----- Listed entries -----

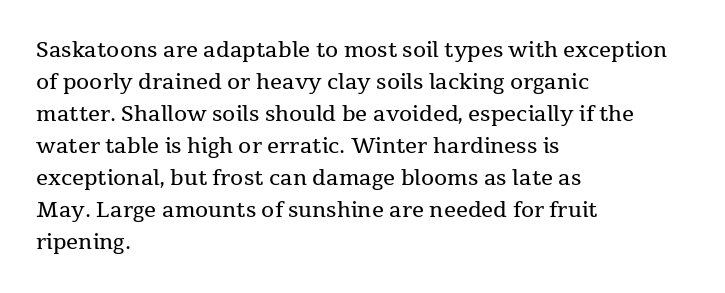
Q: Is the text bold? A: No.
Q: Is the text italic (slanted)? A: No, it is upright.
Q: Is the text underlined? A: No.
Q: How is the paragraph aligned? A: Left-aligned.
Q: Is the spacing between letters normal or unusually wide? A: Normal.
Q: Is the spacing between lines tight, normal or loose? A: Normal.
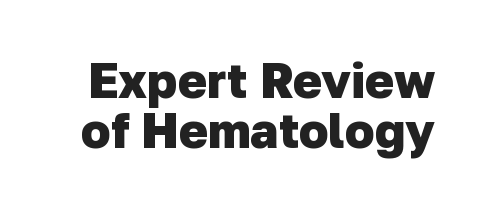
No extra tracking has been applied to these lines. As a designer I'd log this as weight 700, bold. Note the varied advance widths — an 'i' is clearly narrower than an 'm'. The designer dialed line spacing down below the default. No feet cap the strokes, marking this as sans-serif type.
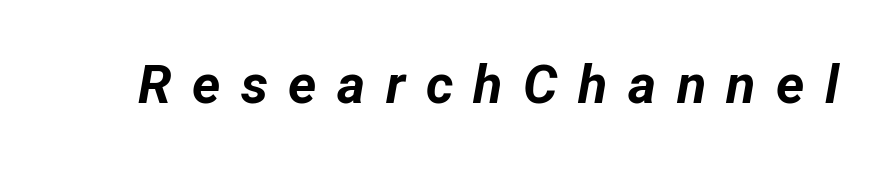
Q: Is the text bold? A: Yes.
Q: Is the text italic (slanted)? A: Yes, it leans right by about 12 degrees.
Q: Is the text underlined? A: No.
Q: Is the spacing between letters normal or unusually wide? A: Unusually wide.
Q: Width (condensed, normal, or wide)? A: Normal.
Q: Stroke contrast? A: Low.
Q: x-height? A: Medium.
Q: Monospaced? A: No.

-----
----- Listed entries -----

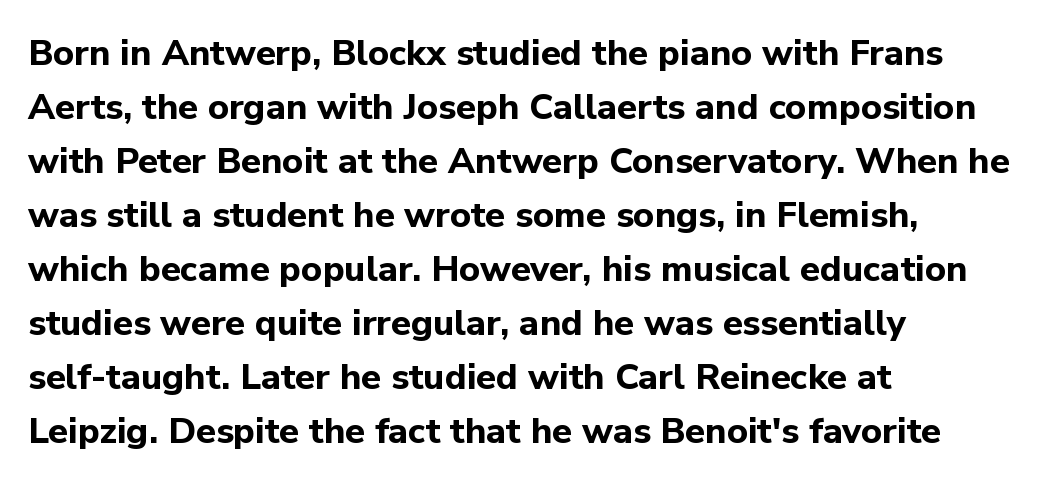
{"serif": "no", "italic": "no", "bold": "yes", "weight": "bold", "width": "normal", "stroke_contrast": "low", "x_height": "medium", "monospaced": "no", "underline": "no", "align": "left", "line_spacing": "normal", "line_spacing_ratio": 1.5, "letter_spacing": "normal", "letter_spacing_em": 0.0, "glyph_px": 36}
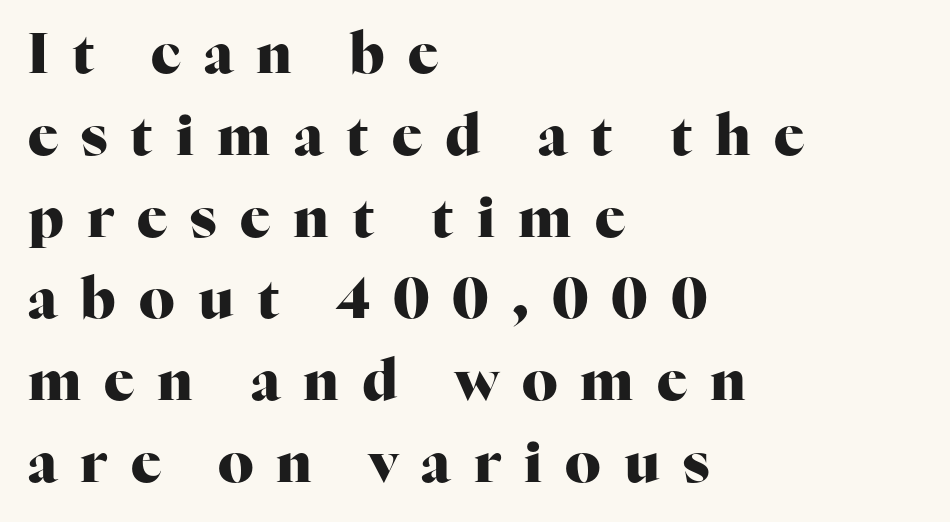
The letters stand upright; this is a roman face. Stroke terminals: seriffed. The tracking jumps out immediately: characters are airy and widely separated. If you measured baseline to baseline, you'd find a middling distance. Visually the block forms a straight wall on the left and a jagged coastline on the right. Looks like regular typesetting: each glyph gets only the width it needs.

-----
----- Listed entries -----

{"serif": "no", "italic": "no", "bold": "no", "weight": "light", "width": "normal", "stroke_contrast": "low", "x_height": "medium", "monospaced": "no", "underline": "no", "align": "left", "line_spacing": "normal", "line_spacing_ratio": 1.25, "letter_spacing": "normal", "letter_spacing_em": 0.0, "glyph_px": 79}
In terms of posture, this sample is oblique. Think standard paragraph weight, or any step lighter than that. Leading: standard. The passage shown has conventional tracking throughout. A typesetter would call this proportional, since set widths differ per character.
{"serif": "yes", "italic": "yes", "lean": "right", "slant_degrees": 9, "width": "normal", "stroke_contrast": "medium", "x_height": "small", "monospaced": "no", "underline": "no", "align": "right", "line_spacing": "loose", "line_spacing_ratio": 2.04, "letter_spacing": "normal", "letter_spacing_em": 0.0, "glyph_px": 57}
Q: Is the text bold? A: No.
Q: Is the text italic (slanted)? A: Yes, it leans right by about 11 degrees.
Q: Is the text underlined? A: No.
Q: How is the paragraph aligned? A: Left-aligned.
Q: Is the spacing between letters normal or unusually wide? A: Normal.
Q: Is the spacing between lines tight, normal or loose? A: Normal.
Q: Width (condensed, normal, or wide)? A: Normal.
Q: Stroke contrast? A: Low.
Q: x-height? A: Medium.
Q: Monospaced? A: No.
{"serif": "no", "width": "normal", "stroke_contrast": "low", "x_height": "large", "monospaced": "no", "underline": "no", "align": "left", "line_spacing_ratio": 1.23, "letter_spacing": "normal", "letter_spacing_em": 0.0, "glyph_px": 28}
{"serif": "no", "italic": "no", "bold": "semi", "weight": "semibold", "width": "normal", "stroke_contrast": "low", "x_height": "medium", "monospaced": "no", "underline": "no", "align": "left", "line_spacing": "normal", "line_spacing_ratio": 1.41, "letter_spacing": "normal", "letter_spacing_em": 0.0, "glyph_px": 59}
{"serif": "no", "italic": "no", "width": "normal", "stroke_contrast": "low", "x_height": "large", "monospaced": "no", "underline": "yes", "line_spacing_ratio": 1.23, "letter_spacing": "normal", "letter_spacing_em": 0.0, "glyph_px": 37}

-----

In the lines above, find each one with "this" and list it.

- [Your response]:
No extra tracking has been applied to these lines. As a designer I'd log this as weight 700, bold. Note the varied advance widths — an 'i' is clearly narrower than an 'm'. The designer dialed line spacing down below the default. No feet cap the strokes, marking this as sans-serif type.
The letters stand upright; this is a roman face. Stroke terminals: seriffed. The tracking jumps out immediately: characters are airy and widely separated. If you measured baseline to baseline, you'd find a middling distance. Visually the block forms a straight wall on the left and a jagged coastline on the right. Looks like regular typesetting: each glyph gets only the width it needs.
In terms of posture, this sample is oblique. Think standard paragraph weight, or any step lighter than that. Leading: standard. The passage shown has conventional tracking throughout. A typesetter would call this proportional, since set widths differ per character.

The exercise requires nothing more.